Духовный героизм Якушкина заключался, быть может, прежде всего в том, что он своим собственным внутренним развитием выстрадал, преодолевая «восторженные экзальтации» и провалы в отчаяние, состояние духа и образ мысли, альтернативные всякого рода романтической аффектации и экстремистской «отчаянности» тех «героев на час» и «лишь на площади» — перед толпой, которых слишком хорошо узнала потом история русского освободительного движения и которые уже достаточно выразительно проявили себя в декабризме. Я не из какой-то увертки не называю здесь реальных исторических лиц и не противопоставляю тут «моему Якушкину» никого персонально из декабристов — лица эти сами в разное время могли находиться в разных состояниях; прилепить им тот или иной ярлык, выделив лишь одну какую-то черту их поведения, скажем, на Сенатской, или на следствии, или на поселении, — дело и простое, и знакомое, и неубедительное.
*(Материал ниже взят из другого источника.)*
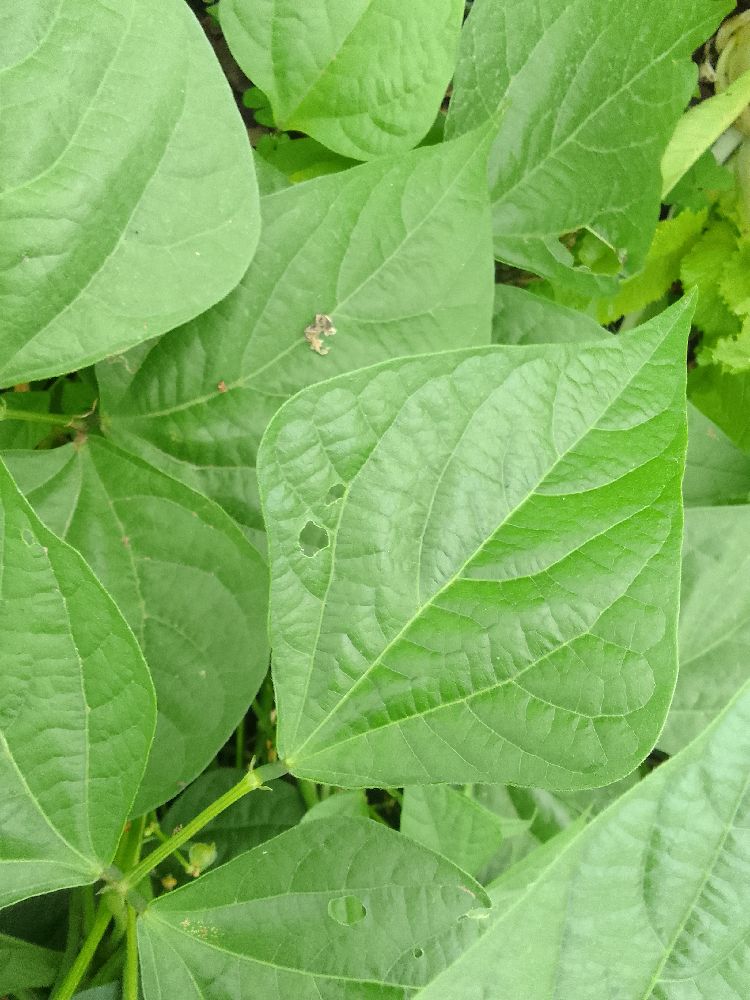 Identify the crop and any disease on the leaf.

Куда как важнее здесь, мне думается, разговор о том типе общественной активности, который был столь выразительно и столь ненавязчиво представлен именно в Якушкине.
«Главное — не надо утрачивать поэзию жизни: она меня до сих пор поддерживала, — горе тому из нас, который лишится этого утешения в исключительном нашем положении».
Это некий завет. Целые поколения русских людей среди разного рода обстоятельств, постигавших их, могли бы завещать эти слова в наследство одно другому. Эти слова могли бы быть произнесены и Якушкиным, правда, он был сдержаннее на проявления разного рода лиризма, даже и в столь стоическом духе. Это очень важные слова, и очень важна та мысль, которую выразил тут Пущин.
«Не утрачивать поэзию жизни», чувство жизни, ее обаяние вообще бывает необычайно важно именно в «исключительном» положении кромешной безвыходности и, кажется, полной безысходности. Иначе — отчаяние, «состояние невозможности» и — взрыв, при котором жертвы и последствия уже не в счет, и вообще не о чем уже думать — ни о себе, ни о тех самых «жертвах прогресса» и «щепках истории», во имя которых и ради будущего счастья которых все вроде бы и осуществляется в сфере общественного прогресса.
В «Былом и думах» есть одна очень выразительная, на свой лад смешная и очень идущая тут нам к делу сценка, относящаяся к тем воспоминаниям юности Герцена, когда, в частности, ему довелось быть знакомым с известным государственным деятелем тех времен, попечителем Московского учебного округа графом Строгановым. Старый граф был в своем роде отчасти как бы либералом, любил похвастаться разного рода усовершенствованиями, введенными им в Московском университете, очень морщился на «крайности» режима, даже старался вроде бы, по словам самого Герцена, как-то помочь «молодому вольнодумцу», которого уже цепко прихватили «челюсти бульдога», как именовал Герцен свору Бенкендорфа и Дубельта, за которыми стоял и сам Николай, лично помнивший о «деле Герцена». Строганов любил порассуждать о «разных разностях» с молодым вольнодумцем, при этом его очень забавно заносило то в одну — либеральную, то в другую — консервативную сторону.